Plain or straight overcast: This is also worked from left to right over a single-run thread; to give the stitch more relief, a round twisted thread may be laid upon the traced line and covered with vertical stitches set out close together….

—From a page glued into the ledger taken from
The Encyclopedia of Needlework
by Thérèse de Dillmont, 1884

 

S
ILAS ENTERED THE HIGH-CEILINGED ROOM
in the mansion, where the tapestry of misthomes hung, and saw the three women engaged in their work.

They did not turn to welcome him.

Silas was scared of the three women. Not because they were ghosts, but because they were something more than ghosts—old things that continued to weave themselves into the world for reasons he could not yet fathom.

He was hoping for a little perspective. He wanted to look again on their strange tapestry. Maybe, since his last visit, new stitches or scenes had been added. Maybe he’d find a thread that would lead out of the maze his life had become.
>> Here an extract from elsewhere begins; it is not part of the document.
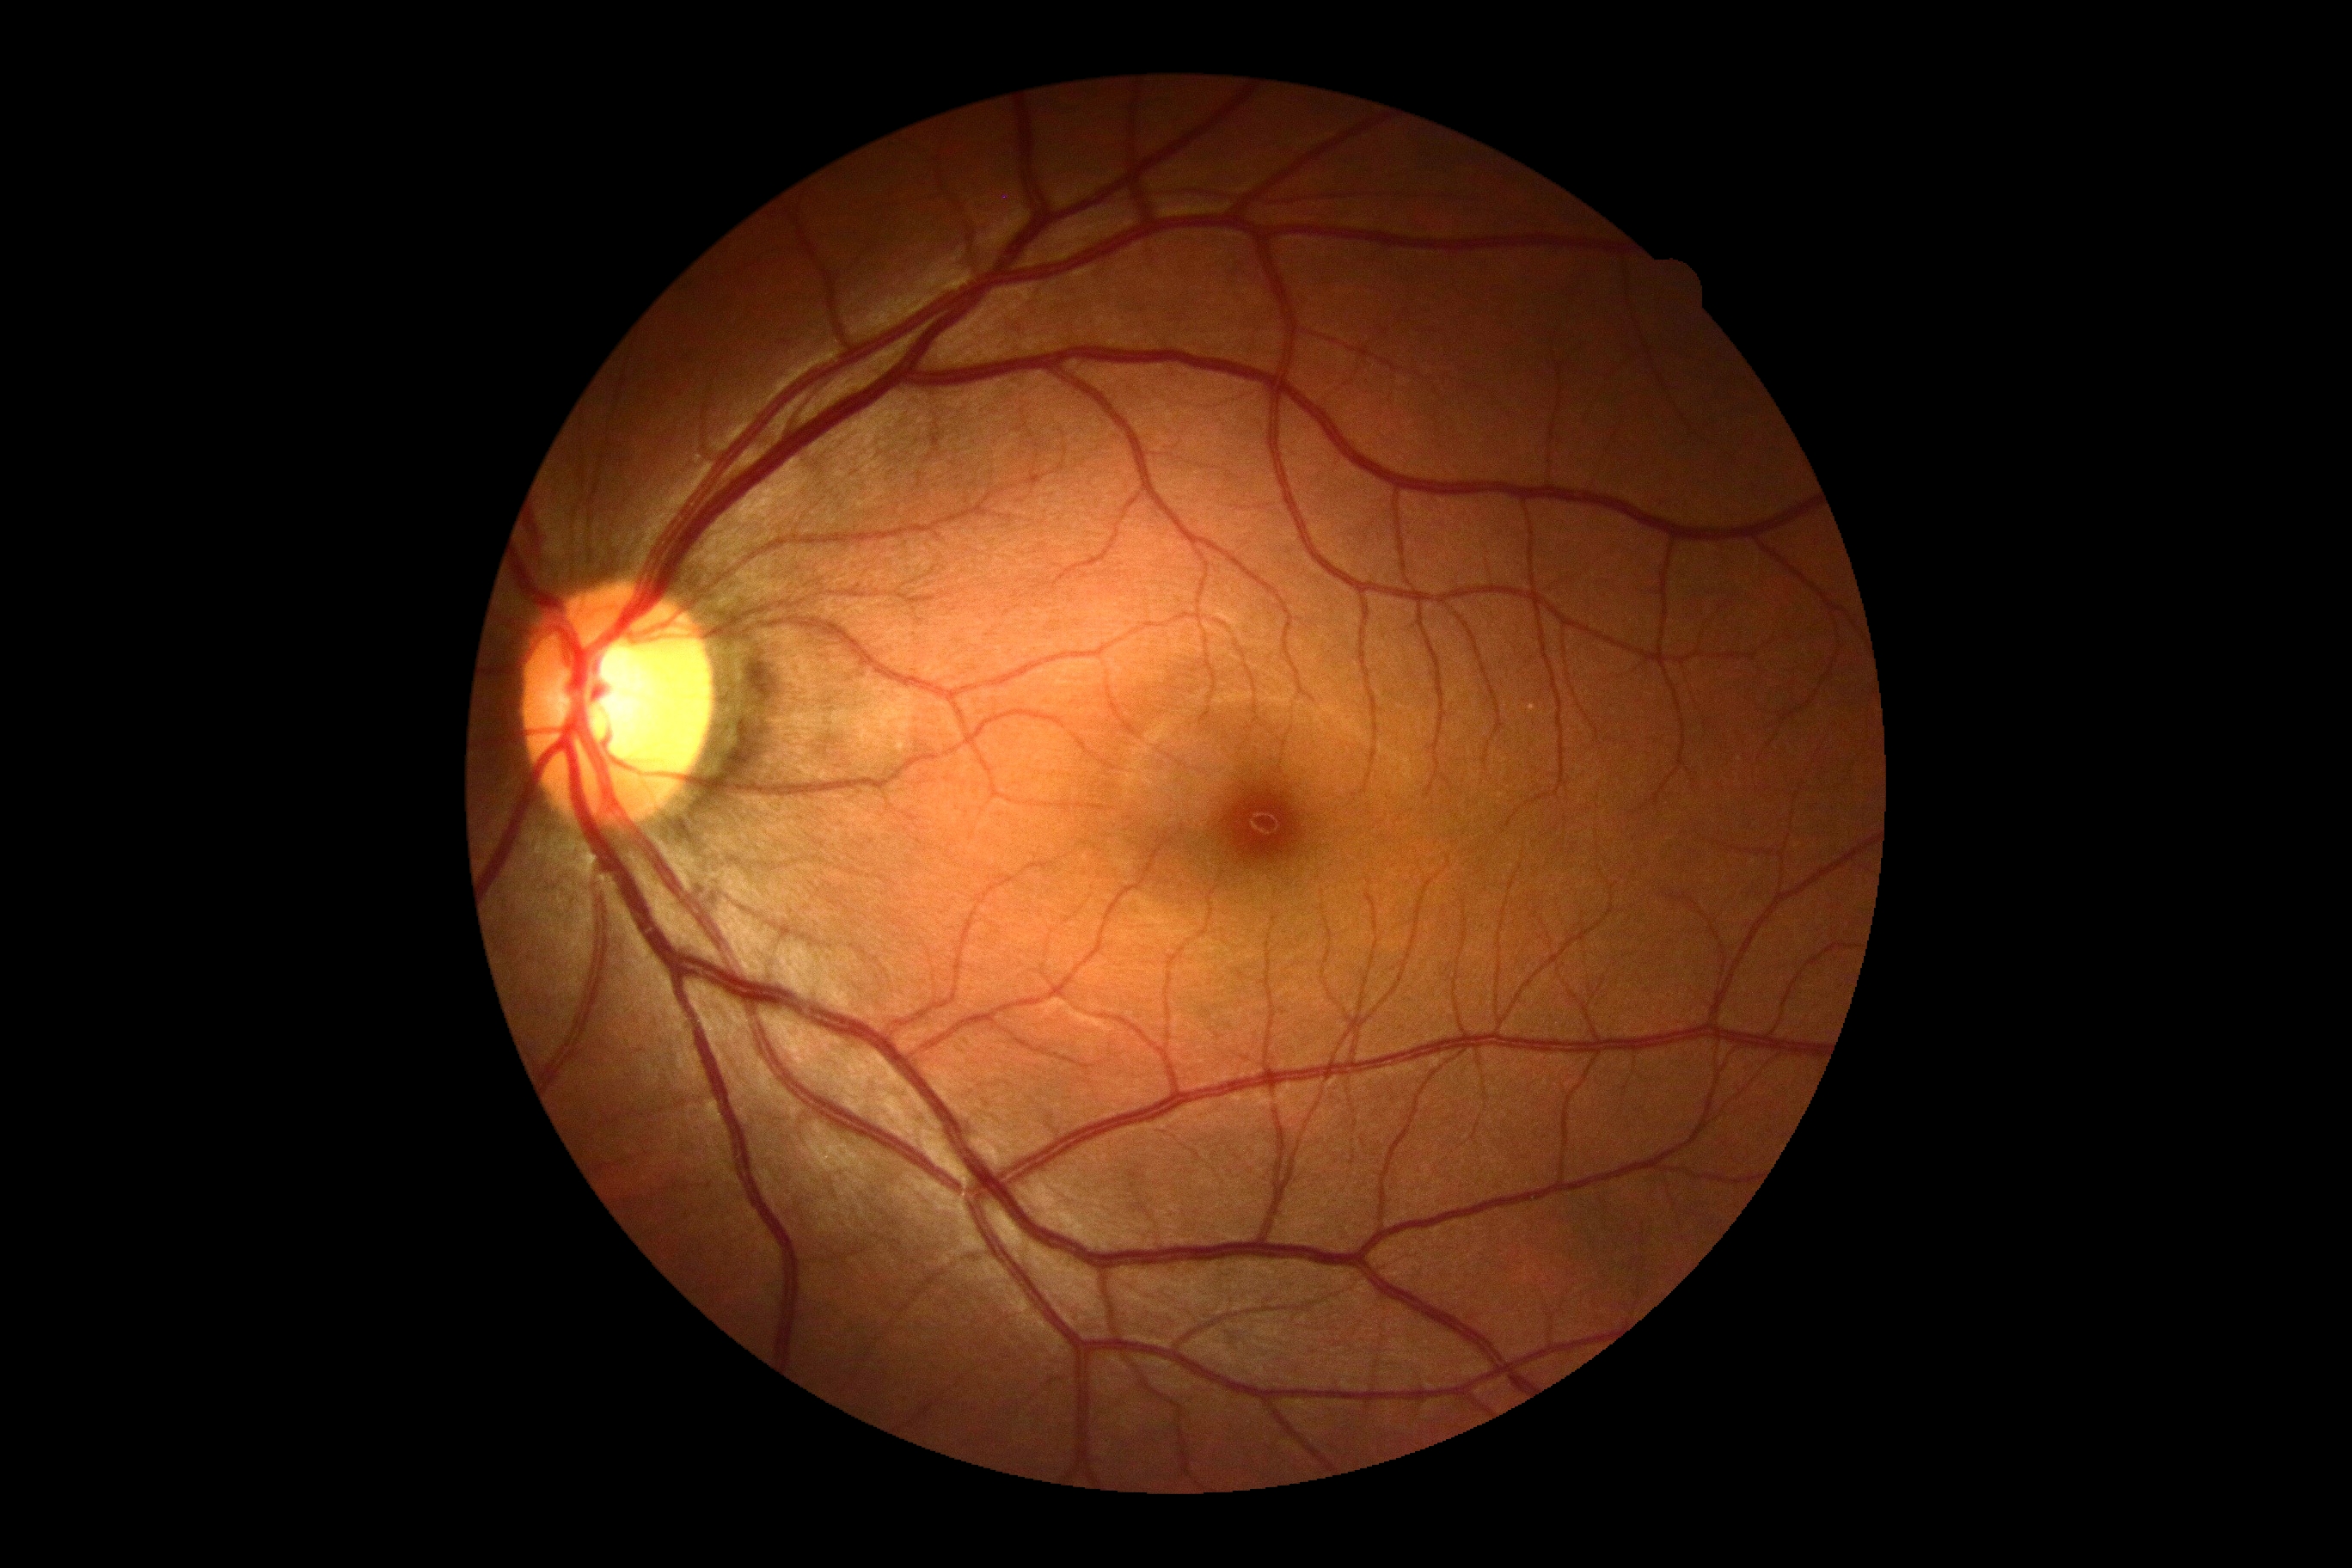 No apparent diabetic retinopathy. Diabetic retinopathy: no apparent diabetic retinopathy (grade 0).

The floor was covered in bits of ragged fabrics and broken threads, little heaps of them covering the timeworn wooden planks. There had been many alterations since his last visit. Changes had been made to the map of the lands of the dead. Certain portions had been reworked in brighter or darker threads, perhaps meaning they were becoming more or less present in the world outside. Silas was just beginning to see how truly complex the work of the three women was. Perhaps shade and tone were related to relevance, to whether or not a spirit’s limbo was connected in some way with living people. Perhaps the size of the stitching had to do with the number of spirits that occupied it at a given time. This
would account for why certain buildings, the oldest, seemed to be overcast in numerous layers of threads.
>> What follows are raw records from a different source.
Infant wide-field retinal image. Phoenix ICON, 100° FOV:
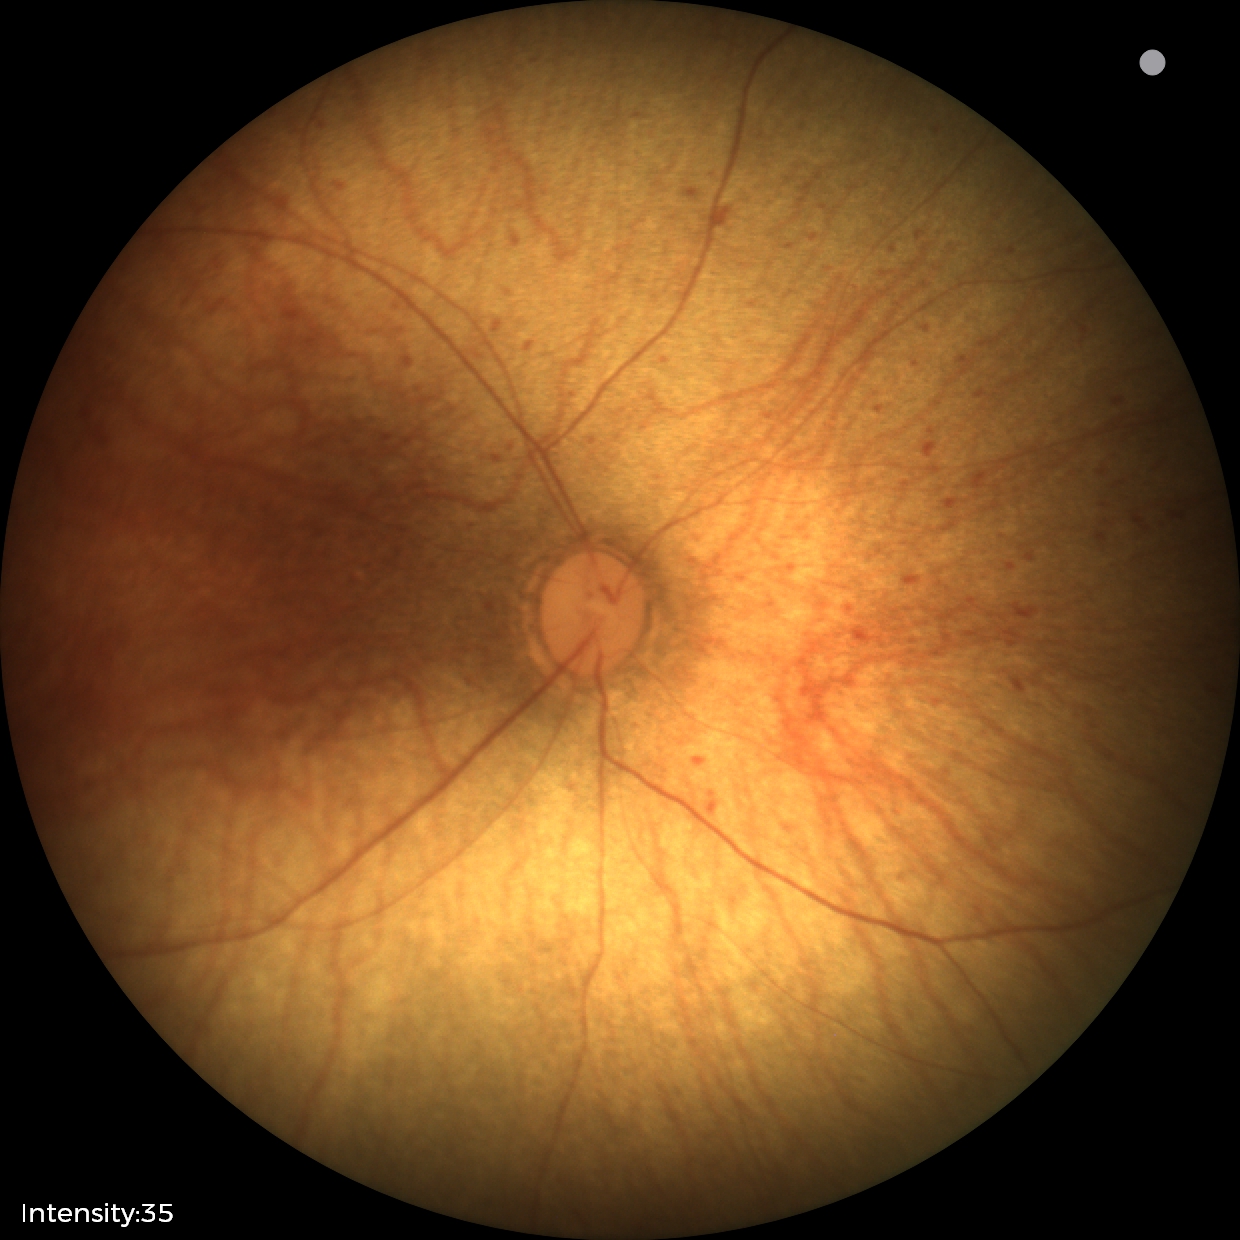

No retinal pathology identified on screening.
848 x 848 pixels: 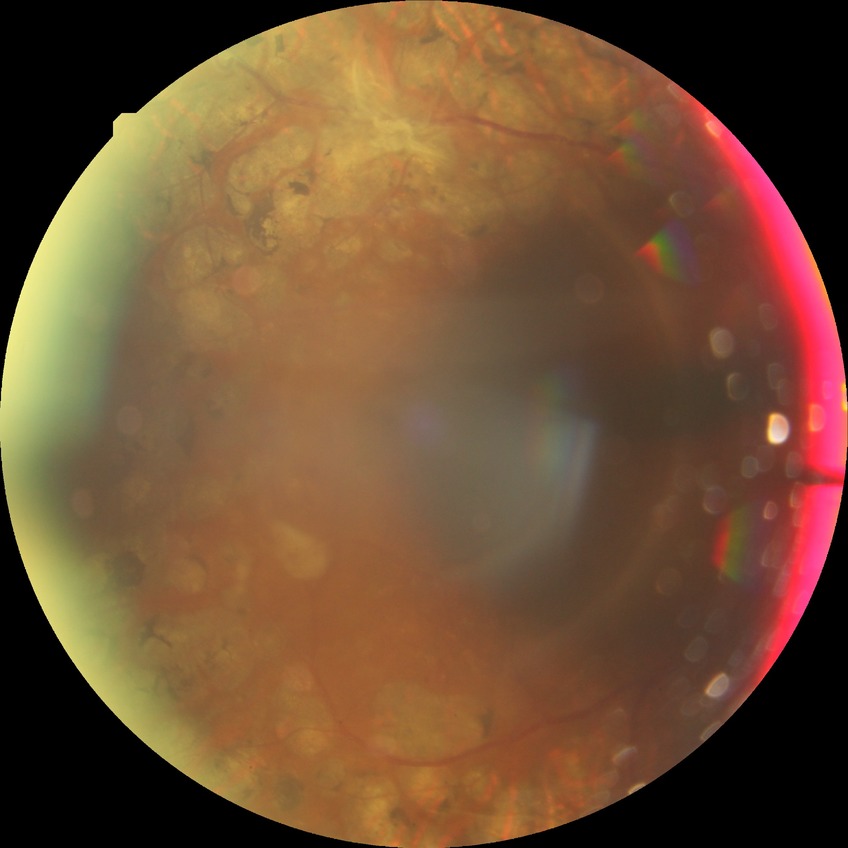
Diabetic retinopathy grade is proliferative diabetic retinopathy.

The tapestry was in a state of flux, shifting as the world outside changed, or as the relationships between the living and dead grew or were forgotten. At many places on the great work, Silas could see whole sections had been picked apart, or enlarged, or reworked with a new color scheme. This was why he’d come back: to see what might have altered. To see the town with new eyes. He hoped beyond hope that something in him or the town or both might have altered sufficiently for him to be able to find an image connected with his father’s disappearance. Silas scanned the tapestry frantically as if he expected to see his father’s portrait rendered in little stitches on one of the familiar thread-paths. Even as the question formed in his mind, the first of the three walked up to a portion of the work hanging between two beams that supported the roof of the room and, without warning, ripped the stitches from a scene depicting some tall houses high above the meticulous knotwork that had been sewn to represent the Narrows.